Tuesday, April 7, 2009

On DVD in Taiwan: Hormones

Last year's award-winning romantic comedy, Hormones (Pid Term Yai Huajai Wawun, ปิดเทอมใหญ่ หัวใจว้าวุ่น) has been released on DVD in Taiwan. Correction: But no English subtitles.

Directed by Songyos Sugmakanan (Dorm, Fan Chan), GTH's ensemble romance intertwines four stories about young lovers over the summer school holiday.

  • A pair of hyper-competitive schoolboys (Charlie Trairat and Michael Sirachuch Chienthaworn) race to win a girl's phone number.
  • A sensitive geek (Ratchu Surajaras) makes a play for the campus queen (Chutima Theepanat).
  • A teenybopper (Focus Jirakul) is crazy about a Taiwanese pop star (Lu Ting Wei).
  • A slacker college guy (Chanthavit Sunasewee) has his faithfulness to his long-time sweetheart tested when he impulsively accompanies a bikini-clad Japanese tourist (former AV star Sora Aoi) to the Full Moon party.

Hormones picked up several awards, including a Jury Prize at last year's Asian Marine Film Festival in Japan, and Focus Jirakul swept Thailand's film awards for best supporting actress, including trophies for the Subhanahongsa, the Bangkok Critics and Kom Chad Luek awards.

The DVD is NTSC and Region 3 encoded. It's available at YesAsia.

(Thanks Logboy!)


  1. Nothing on the YesAsia product description suggests that the DVD has English subtitles. It only lists Traditional Chinese subtitles.

  2. I e-mailed YesAsia and they looked into it. Confirmed, no English subtitles. Here's hoping for a Hong Kong release that does have English subtitles.

  3. Thanks for checking into that Kevin. Too bad! I've amended the post to reflect there's no English subs.
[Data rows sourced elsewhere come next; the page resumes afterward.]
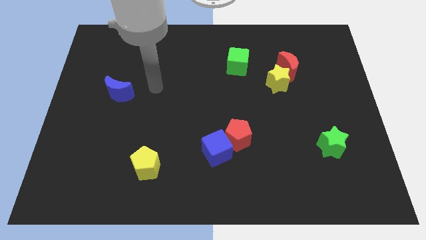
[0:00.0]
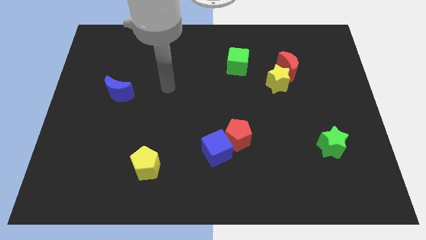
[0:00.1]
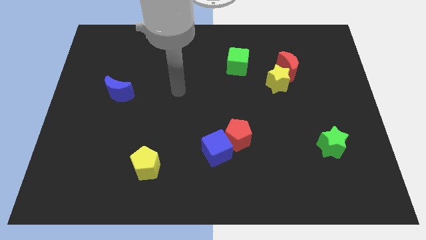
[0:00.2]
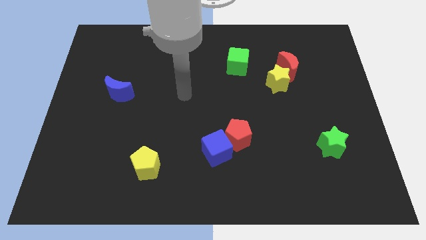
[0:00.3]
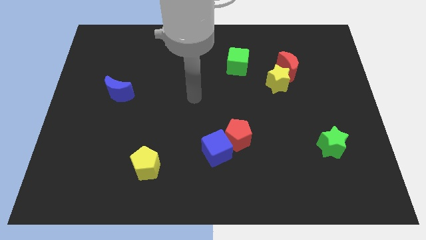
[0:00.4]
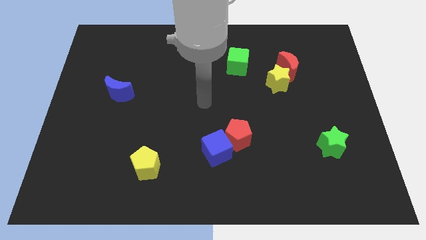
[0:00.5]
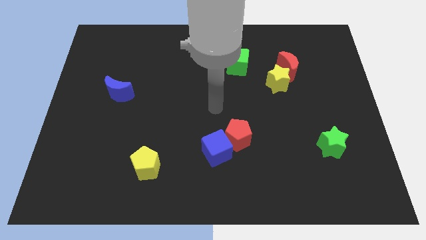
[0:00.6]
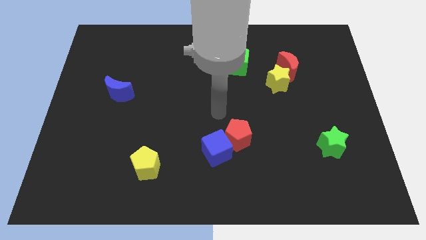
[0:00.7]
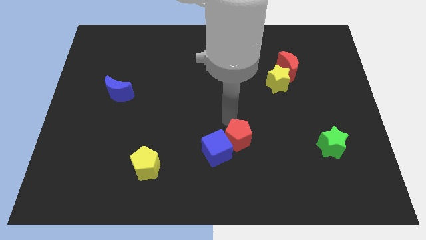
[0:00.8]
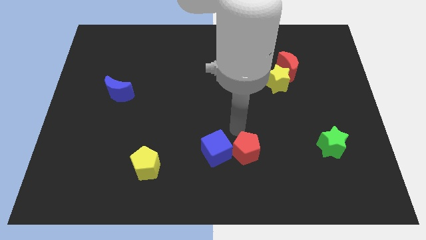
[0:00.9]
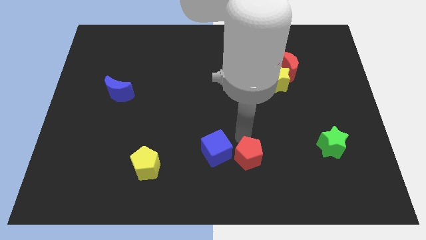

  4. I'm back. And I found a site that sold an English subtitled version of the movie. After viewing the movie myself, I suspect it is legit as Golden Screen Cinemas is the company that GMM Tai Hub sold the distribution rights to in Malaysia.


    Confirm something for me, seeing as you saw the movie theatrical, I suspect with English subtitles. Did the subtitles you read seem to go out of their way to make certain jokes, such as language-specific puns (which this movie certainly had a lot of), have English equivalents? Even if the translation is blatantly incorrect? That's what happened with the subtitles here. I don't mind if the intent is to make sure humor is preserved, but it might support the belief that this is a legitimate release and not a bootleg as DVDs from Malaysia are notorious for.

    While my experience with the site was relatively good (fast response to customer inquiries for the most part), based on testimony, it seems other people have had less favorable experiences. And a few products they have are clearly bootlegs (especially their selection of anime), even though I'm pretty certain Hormones DVD is not.

    The product was also initially misrepresented on the site, where it was listed as PAL rather than NTSC, which I suspect is really Golden Screen Cinema's fault because the back of the DVD case lists it as NTSC, but it is really PAL and I only got it to work on my computer.

    A major annoyance of course, but one that I'm going to have to continue dealing with if I'm going to keep looking toward Asia for movies to watch. What to do about that Japanese movie Departures that I really want to see...I swear this whole Region Coding/NTSC vs PAL thing is a global corporate conspiracy...

  5. I've been meaning to post an update about this. You can also get it from Singapore at MovieXclusive, which I've dealt with in the past and I've met some of the guys involved with it, so I trust them.

    English subtitles will never be perfect. For culturally specific things, they might totally miss the point. One example I can think of is when band names are mentioned in a movie, like a Thai band like Asanee-Wasan, but instead of directly translating that, the subtitle writer will opt to use an inapproporiate American band name, so Asanee-Wasan becomes Red Hot Chili Peppers. What?

    The whole PAL/NTSC thing makes my head hurt. In Thailand, it doesn't matter. TVs and DVD players are equipped to deal with both kinds of encoding.